Exact copy required. Repeat the records, but keep the pictures out.

--- --- ---

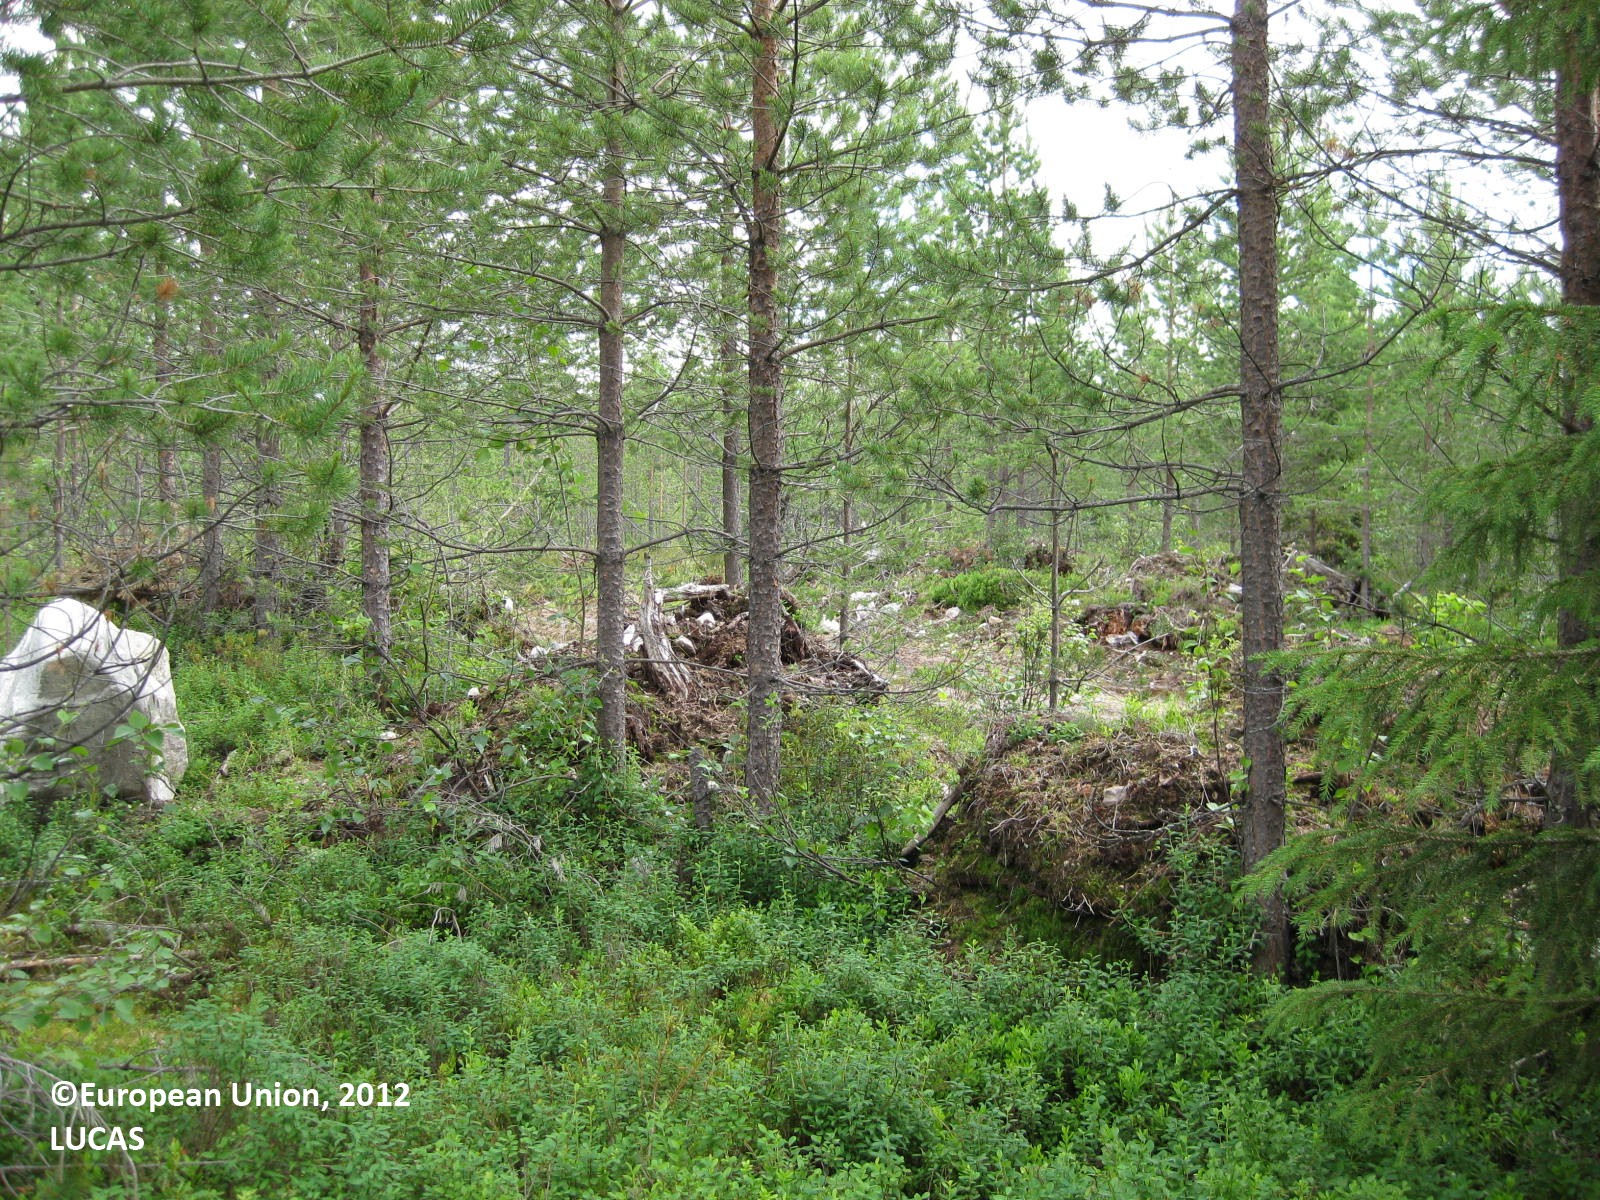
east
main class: Woodland
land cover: Pine dominated coniferous woodland
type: boreal forest
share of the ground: > 75 %
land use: Forestry
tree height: > 5 m
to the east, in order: Pine dominated coniferous woodland; Ditches and canals; Tracks; Pine dominated coniferous woodland; Peatbogs; Pine dominated coniferous woodland; Ditches and canals; Pine dominated coniferous woodland; Ditches and canals; Pine dominated coniferous woodland; Ditches and canals; Pine dominated coniferous woodland; Ditches and canals; Pine dominated coniferous woodland; Ditches and canals; Pine dominated coniferous woodland; Ditches and canals; Pine dominated coniferous woodland; Ditches and canals; Pine dominated coniferous woodland; Ditches and canals; Pine dominated coniferous woodland; Ditches and canals; Pine dominated coniferous woodland; Ditches and canals; Pine dominated coniferous woodland; Ditches and canals; Pine dominated coniferous woodland; Ditches and canals; Pine dominated coniferous woodland; Ditches and canals; Pine dominated coniferous woodland; Ditches and canals; Pine dominated coniferous woodland; Ditches and canals; Pine dominated coniferous woodland; Ditches and canals; Pine dominated coniferous woodland; Ditches and canals; Pine dominated coniferous woodland; Ditches and canals; Pine dominated coniferous woodland; Ditches and canals; Pine dominated coniferous woodland; Ditches and canals; Pine dominated coniferous woodland
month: July
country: FI
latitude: 65.6555
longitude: 29.2529
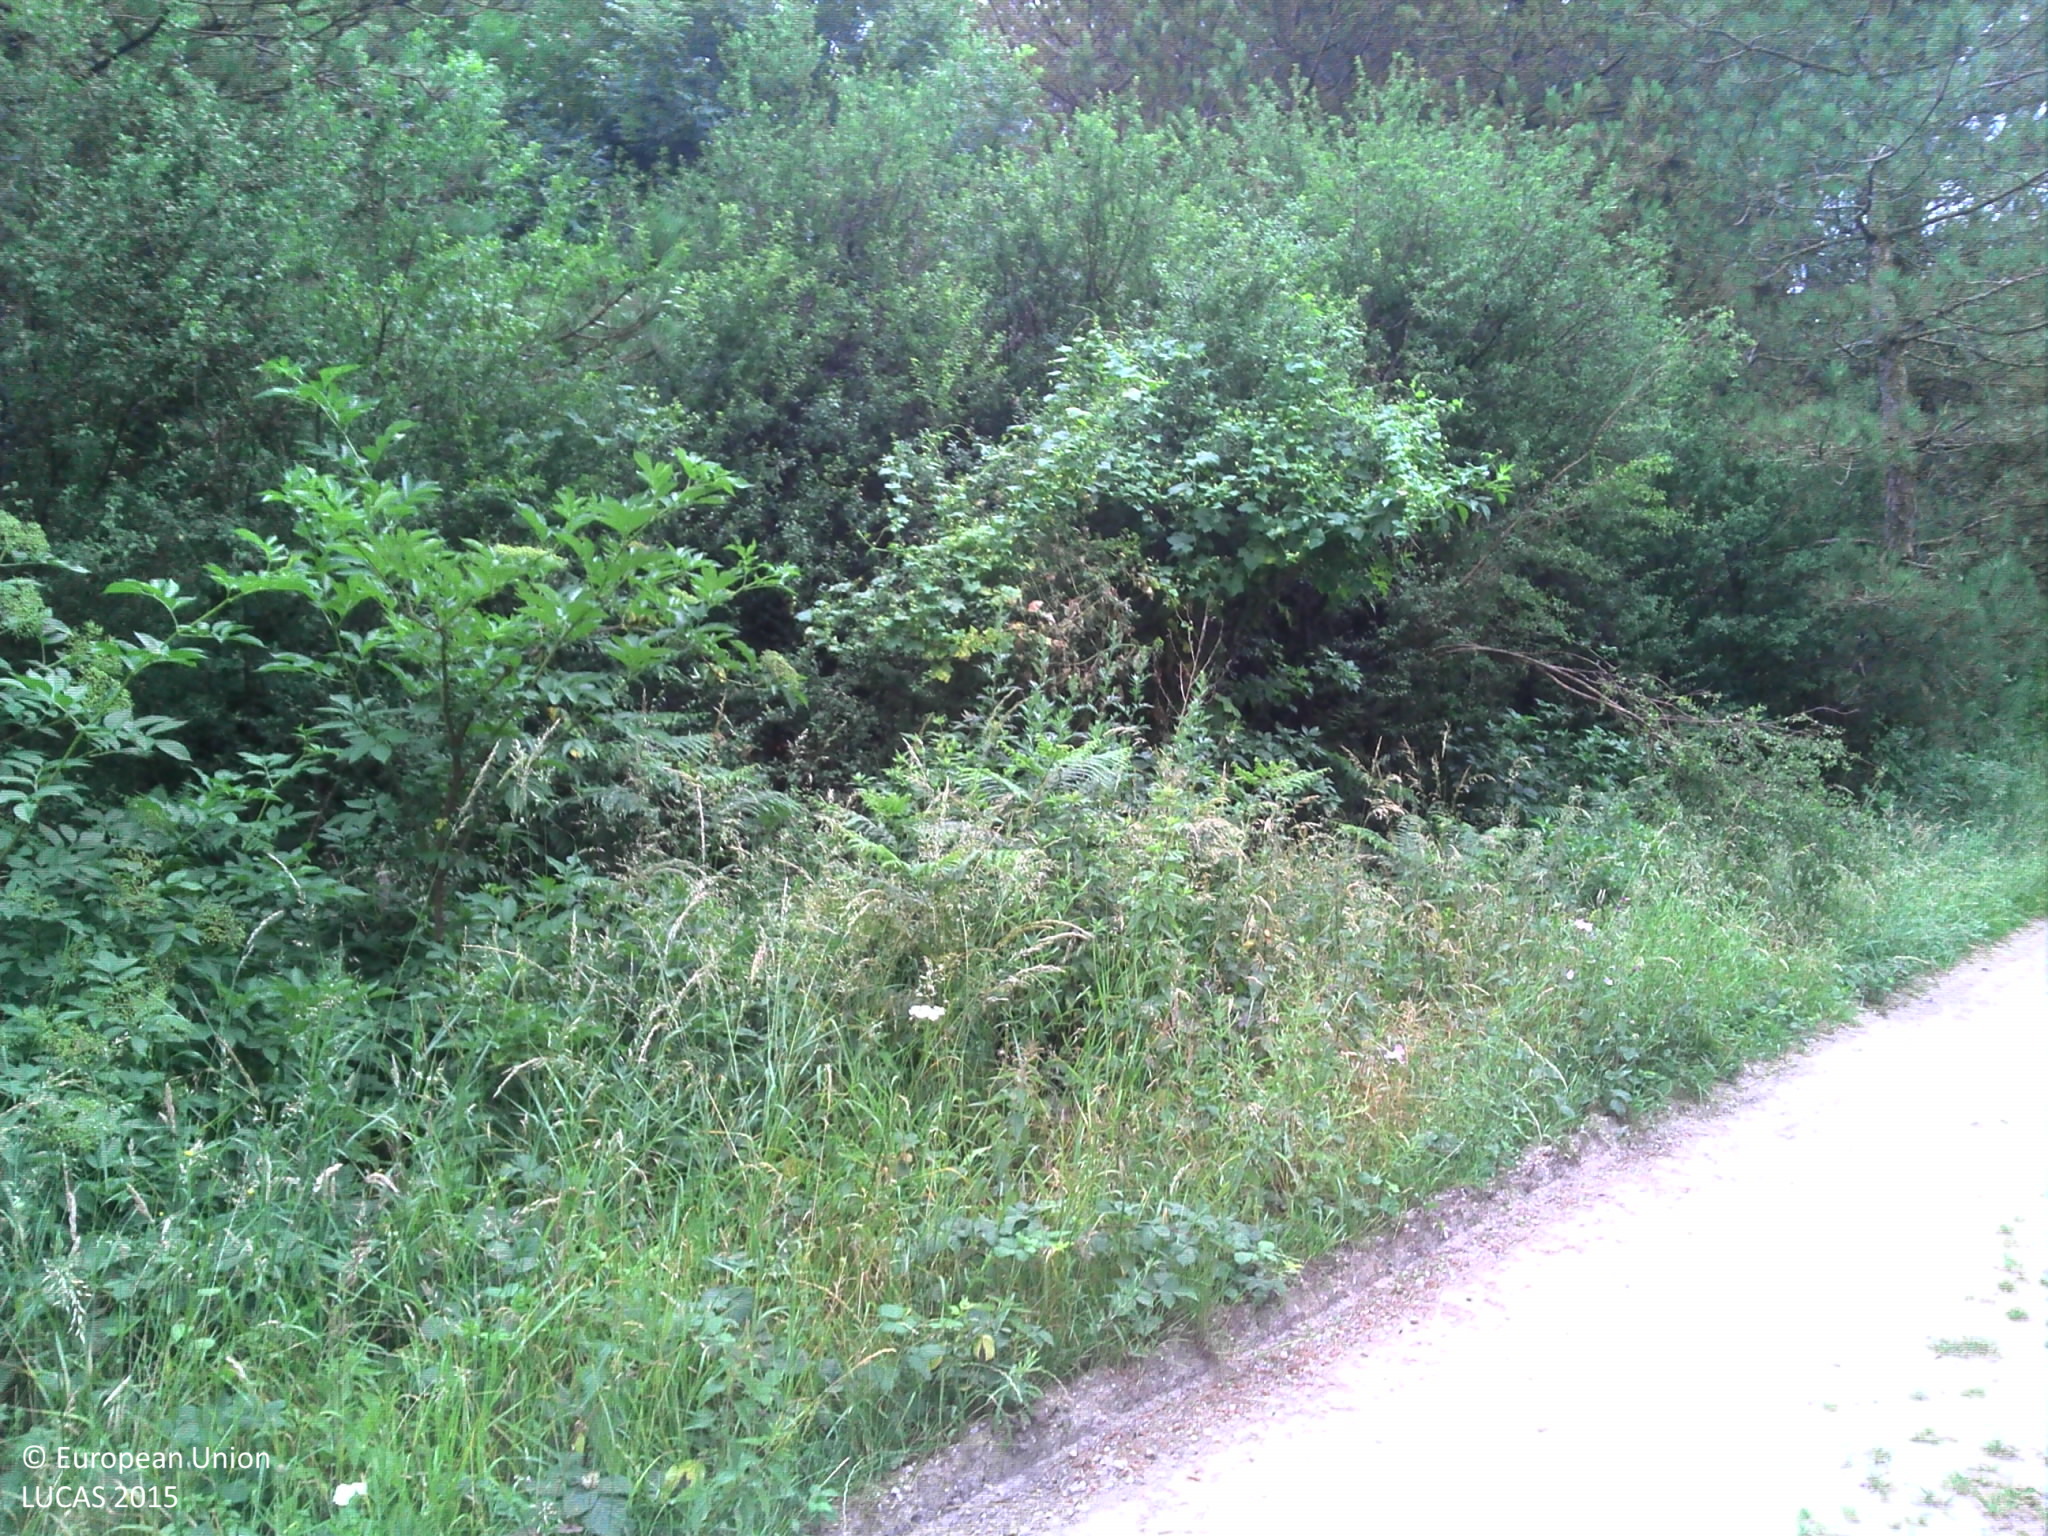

--- --- ---

▶ Your response:
east
main class: Woodland
land cover: Pine dominated coniferous woodland
type: boreal forest
share of the ground: > 75 %
land use: Forestry
tree height: > 5 m
to the east, in order: Pine dominated coniferous woodland; Ditches and canals; Tracks; Pine dominated coniferous woodland; Peatbogs; Pine dominated coniferous woodland; Ditches and canals; Pine dominated coniferous woodland; Ditches and canals; Pine dominated coniferous woodland; Ditches and canals; Pine dominated coniferous woodland; Ditches and canals; Pine dominated coniferous woodland; Ditches and canals; Pine dominated coniferous woodland; Ditches and canals; Pine dominated coniferous woodland; Ditches and canals; Pine dominated coniferous woodland; Ditches and canals; Pine dominated coniferous woodland; Ditches and canals; Pine dominated coniferous woodland; Ditches and canals; Pine dominated coniferous woodland; Ditches and canals; Pine dominated coniferous woodland; Ditches and canals; Pine dominated coniferous woodland; Ditches and canals; Pine dominated coniferous woodland; Ditches and canals; Pine dominated coniferous woodland; Ditches and canals; Pine dominated coniferous woodland; Ditches and canals; Pine dominated coniferous woodland; Ditches and canals; Pine dominated coniferous woodland; Ditches and canals; Pine dominated coniferous woodland; Ditches and canals; Pine dominated coniferous woodland; Ditches and canals; Pine dominated coniferous woodland
month: July
country: FI
latitude: 65.6555
longitude: 29.2529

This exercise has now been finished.